In 1983 the Moody Truck Center was formed with the REO Truck line in order to serve the trucking industry. Max Moody Jr.'s son Mike Moody became the President of the Moody Truck Center until its demise in 1996. By the 1980s, M. D. Moody & Sons, Inc. had acquired over 150 cranes of all types such as crawler cranes and rough terrain cranes. The most notable crane equipment sold by the firm was American Hoist & Derrick, Badger, CDS, Furukawa, Trojan, Terex, Koehring, and Kato. In the mid-1980s M. D. Moody & Sons, Inc. and its subsidiaries were employing over 200 people. Operations of M. D. Moody branched out internationally to Cuba, South Africa, Saudi Arabia and Japan. M. D. Moody also provided equipment for construction of Epcot in 1981 and the Walt Disney World Swan in 1990.

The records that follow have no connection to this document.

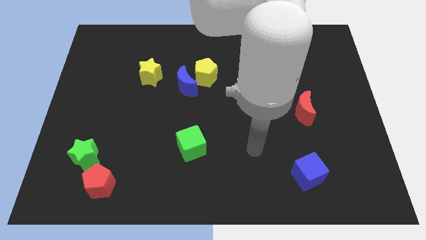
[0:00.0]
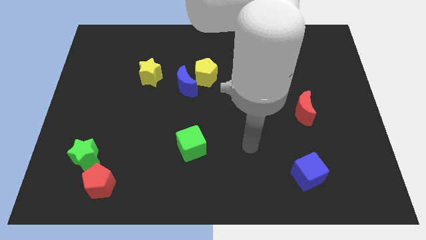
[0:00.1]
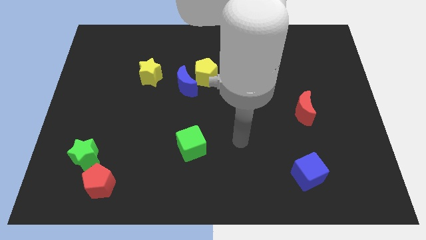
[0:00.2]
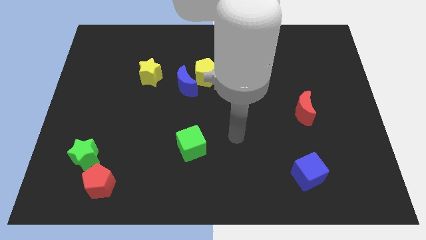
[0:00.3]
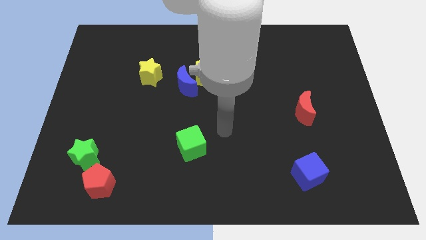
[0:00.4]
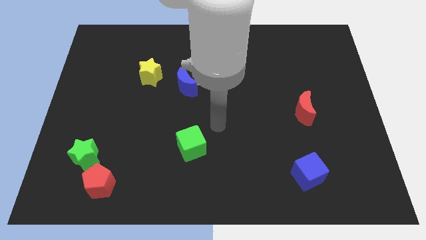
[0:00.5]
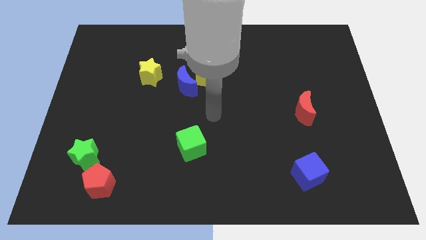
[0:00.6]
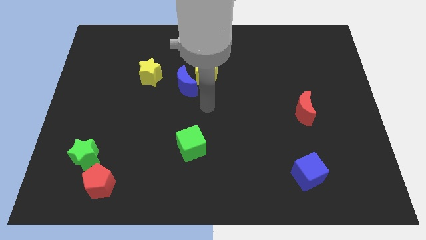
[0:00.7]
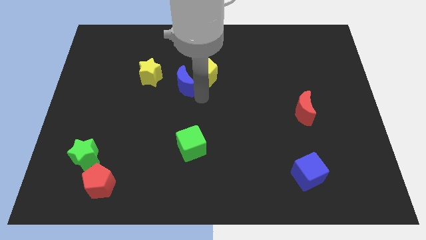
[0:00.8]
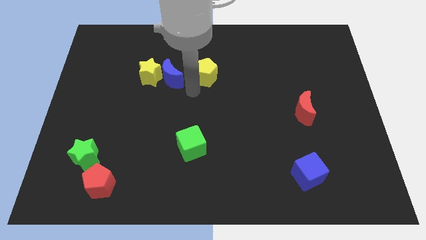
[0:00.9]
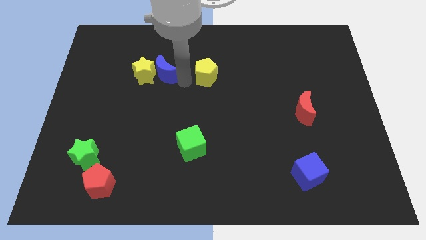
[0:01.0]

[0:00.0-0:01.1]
separate the yellow pentagon from the blue moon

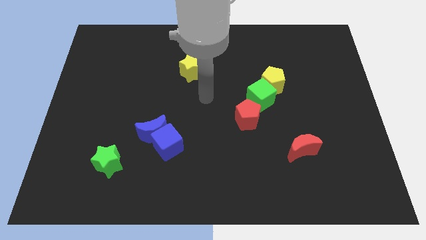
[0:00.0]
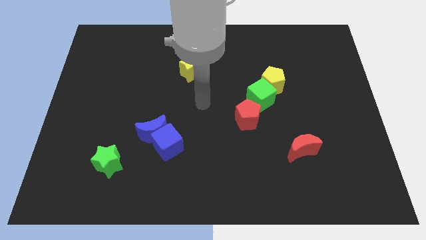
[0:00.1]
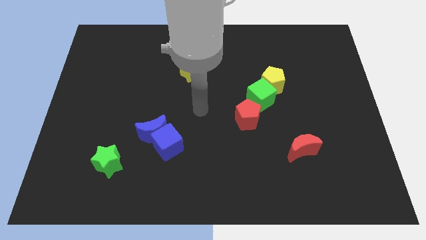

Maxey Dell Moody III succeeded his father as president when Max Moody Jr. died in 1987. Mrs. Max Moody Jr. remained as chairman of the board until her death in 2004. Boyd Moody, the second son of Max Moody Jr., became vice president until 2011. M. D. Moody under the third generation of Moodys continued to diversify further with the subsidiaries Moody Light Equipment Rental and Southeast Crane Parts along with acquisitions of the Bellinger Shipyard, a Sea Ray dealership and at one point a local marina in Jacksonville called Arlington Marina. In 1992 Moody Brothers of Jacksonville became a corporate spin-off of M. D. Moody and was renamed MOBRO Marine, Inc. Moody Fabrication & Machine, Inc. was formed in 1994 to manufacture heavy machinery parts.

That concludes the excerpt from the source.